My dad died in the fall.
For good (mostly) and bad (occasionally), my dad was the dominant personality in my life. When he was in a room, the room was alive, and as his son, I had to keep up. I always knew I had his love, but sometimes I wasn’t sure if I had his approval. He came from a hard childhood with little encouragement and conquered that and legal blindness to become a well-known pastor, counselor, author, and conference speaker. He figured I could make the same determinations and achieve the same heights. But I took after my mom and was more comfortable in a quieter role. There were a lot of great moments between us, but there was also tension.

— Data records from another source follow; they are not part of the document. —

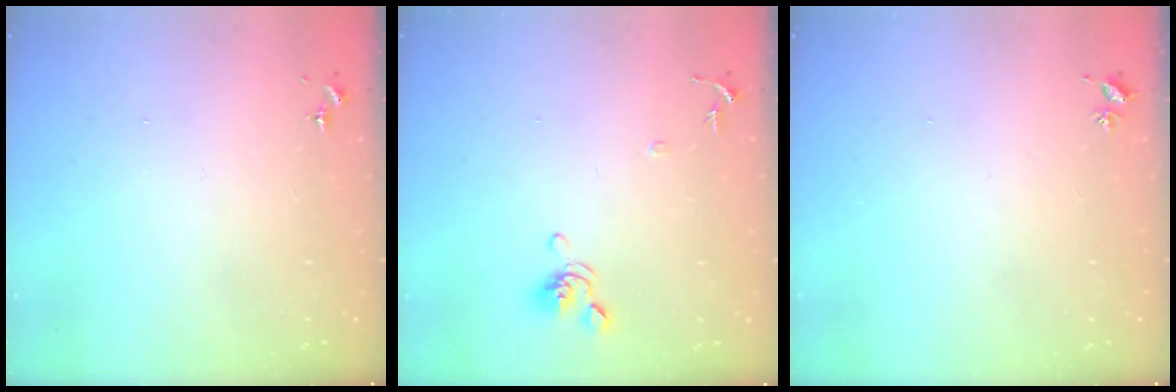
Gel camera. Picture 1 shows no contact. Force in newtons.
{"total": 8.1, "press": 8.0, "slide": 1.5}
{"total": 2.6, "press": 2.6, "slide": 0.3}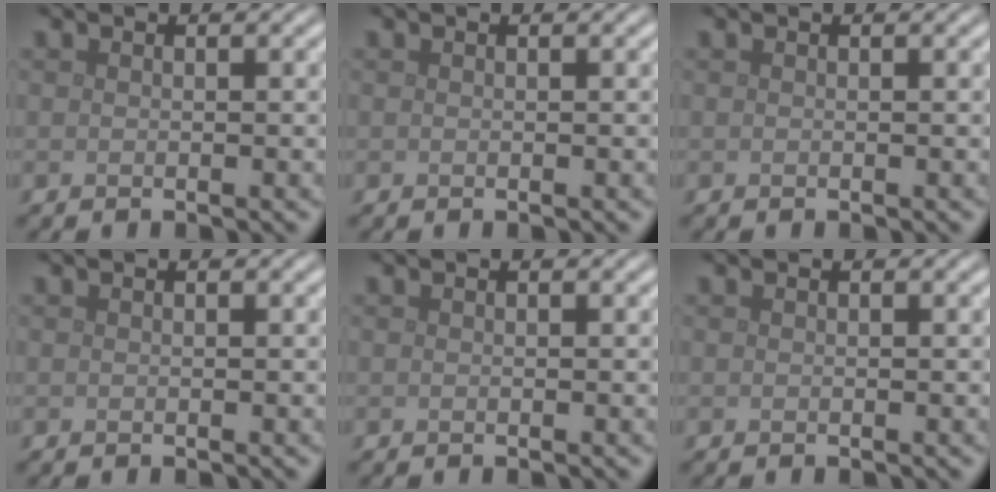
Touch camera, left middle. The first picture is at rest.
{"total": 0.0}
{"total": 0.0}
{"total": 0.0}
{"total": 0.0}
{"total": 0.0}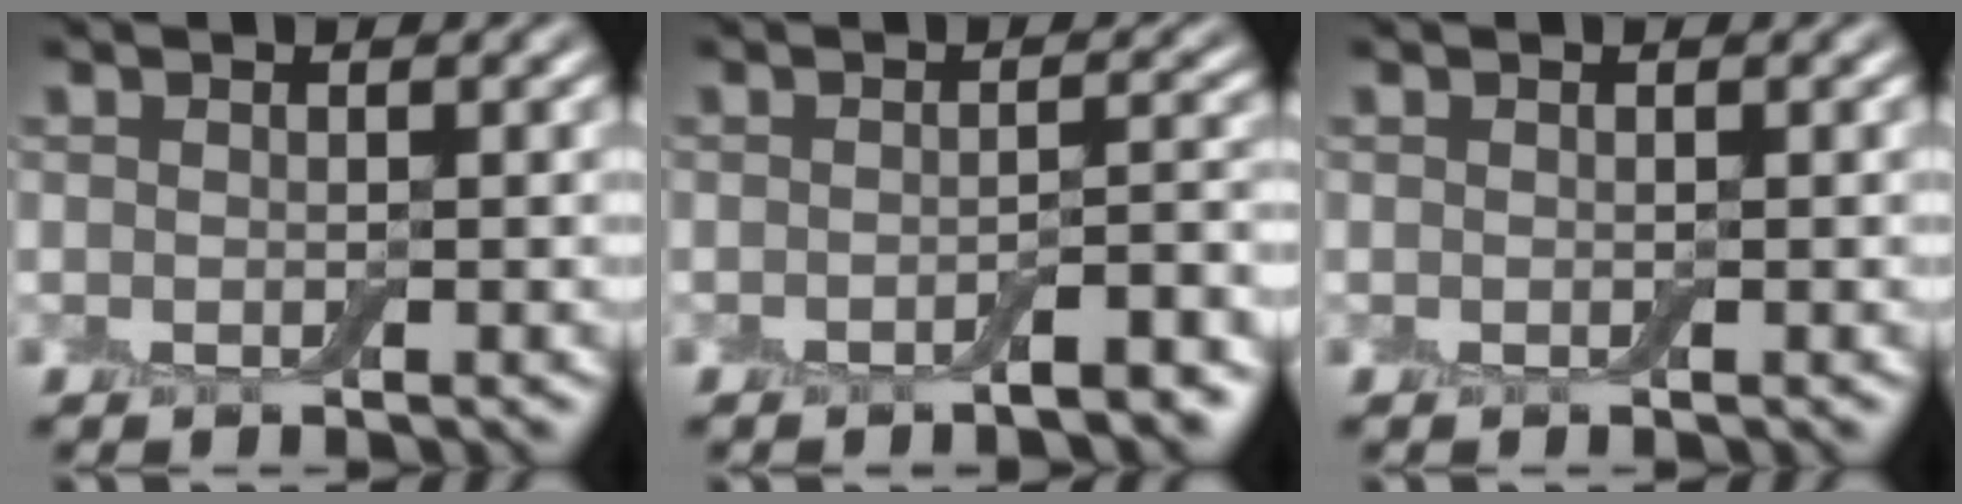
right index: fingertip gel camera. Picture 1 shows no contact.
{"total": 3.4, "force": [-2.0, 0.8, 2.7], "torque": [-0.036, 0.004, -0.034]}
{"total": 0.0}

The days between his death and his memorial service were busy with notifying people and making arrangements and preparing the service. The family gathered at his home in the woods of Wisconsin and mourned and laughed and distracted each other.
Finally, after supper on the day before the service, we were pretty much ready. I walked outside alone and headed off through the woods to a rocky, pine-covered peninsula that jutted out into Spider Lake.

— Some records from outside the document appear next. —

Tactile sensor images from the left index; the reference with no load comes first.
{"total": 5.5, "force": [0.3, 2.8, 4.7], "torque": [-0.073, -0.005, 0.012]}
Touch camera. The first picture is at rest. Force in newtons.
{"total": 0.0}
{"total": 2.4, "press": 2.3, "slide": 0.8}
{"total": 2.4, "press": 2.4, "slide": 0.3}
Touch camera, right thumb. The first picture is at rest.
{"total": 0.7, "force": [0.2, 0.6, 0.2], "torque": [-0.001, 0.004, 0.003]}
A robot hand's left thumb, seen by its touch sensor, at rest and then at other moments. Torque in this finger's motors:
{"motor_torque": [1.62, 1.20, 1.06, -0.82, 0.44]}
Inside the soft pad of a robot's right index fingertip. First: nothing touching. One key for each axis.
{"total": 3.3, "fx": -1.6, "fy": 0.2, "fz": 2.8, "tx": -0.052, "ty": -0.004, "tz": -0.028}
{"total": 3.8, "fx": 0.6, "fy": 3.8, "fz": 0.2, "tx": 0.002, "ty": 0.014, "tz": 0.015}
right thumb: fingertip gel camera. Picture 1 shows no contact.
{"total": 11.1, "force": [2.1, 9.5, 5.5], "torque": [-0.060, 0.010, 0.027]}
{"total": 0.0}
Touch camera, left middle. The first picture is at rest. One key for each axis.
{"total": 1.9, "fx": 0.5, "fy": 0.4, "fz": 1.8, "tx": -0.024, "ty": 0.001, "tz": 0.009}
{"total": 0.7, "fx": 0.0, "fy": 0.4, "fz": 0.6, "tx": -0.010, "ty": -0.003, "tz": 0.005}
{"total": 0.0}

It was early evening when I arrived. I sat on a rock along the shore, my feet inches from the water. My mind raced, thinking of everything and nothing — remembering my dad, wondering what life would be like without him, going over my talk at his memorial service the next day.
As the sun sank behind the trees I noticed a movement between my feet. A tiny shrew, about two inches long, was foraging in the leaves along the shore. It must have felt secure in the foot-and-a-half space between my shoes because for the next twenty minutes, it stayed right there. But it was active. It scurried and darted, disappearing at times under the leaves then reappearing in its mad hunt for insects. Shrews have the fastest metabolism of any animal. To survive at that pace, they have to eat their own body-weight in food each day. I never saw this one stop.

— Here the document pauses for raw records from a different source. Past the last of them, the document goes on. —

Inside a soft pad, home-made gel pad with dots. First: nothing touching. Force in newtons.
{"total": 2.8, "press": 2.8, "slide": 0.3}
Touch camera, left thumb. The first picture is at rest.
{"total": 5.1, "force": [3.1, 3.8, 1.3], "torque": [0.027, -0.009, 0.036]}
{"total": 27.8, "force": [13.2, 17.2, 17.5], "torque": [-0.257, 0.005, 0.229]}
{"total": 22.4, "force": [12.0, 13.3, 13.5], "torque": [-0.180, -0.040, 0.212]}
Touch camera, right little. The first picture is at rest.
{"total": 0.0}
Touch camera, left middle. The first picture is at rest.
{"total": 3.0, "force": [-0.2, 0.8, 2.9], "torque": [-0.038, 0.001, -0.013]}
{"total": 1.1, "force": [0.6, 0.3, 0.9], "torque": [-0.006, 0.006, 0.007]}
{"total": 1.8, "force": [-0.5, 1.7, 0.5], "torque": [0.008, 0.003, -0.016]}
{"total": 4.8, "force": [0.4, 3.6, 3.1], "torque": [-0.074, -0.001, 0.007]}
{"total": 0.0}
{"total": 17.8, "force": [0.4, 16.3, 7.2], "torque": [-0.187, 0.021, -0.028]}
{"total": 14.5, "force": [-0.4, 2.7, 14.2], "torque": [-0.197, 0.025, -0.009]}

I didn’t move. I simply sat with my elbows on my knees and my chin in my hands, watching. Finally, as dusk drifted into darkness, it disappeared.
I got up, being careful not to step anywhere the shrew might be, and headed back through the woods to the house. I got about halfway there when the tears finally came. I stood in the dark and cried into the night. After a couple minutes I realized that my grief all came down to one question.
Did I really believe what I said I believed? If I did, then I knew Dad was with the Lord and I would see him again one day. That was a reason to be sad, but it was a sweet sadness. But if I didn’t …?
I spoke out loud as I asked myself. “Well? Do you?” In that moment, I realized a great sense of peace. This was the first time in my life I had lost somebody on whom I was emotionally dependent. It was the first time I had really faced this question. It was the Holy Spirit, I believed, who answered my question. I was certain Dad was with Jesus Christ. It was no longer “goodbye.” It was now “See you later.”
Since that moment, heaven has been much more real to me and my priorities on earth have entirely changed. Material things are just that — fun and sometimes necessary, but not important. My hope for my own future is real and sustaining when times are rough.
I walked back to the house and met my sister who was out looking for me. We wandered down to the end of dad’s dock and talked and laughed and cried for a long time. But it was a different sort of crying, a good sort of crying.
I’ve often thought back on that night. I’ve tried to make that tiny shrew into a symbol of something. How our busyness ultimately doesn’t matter; how life goes on no matter what; how sometimes you see great things when you just stop and reflect. None of the symbols really work. I don’t think it meant anything. It was just a shrew hunting for insects between the shoes of a grieving man. But somehow, for some reason, it has always been an inextricable part of my memories of that night.
A shrew ran across the path in front of me when I was walking recently. Five minutes later, another one dashed by. It got me thinking again of that night and Dad and heaven and hope.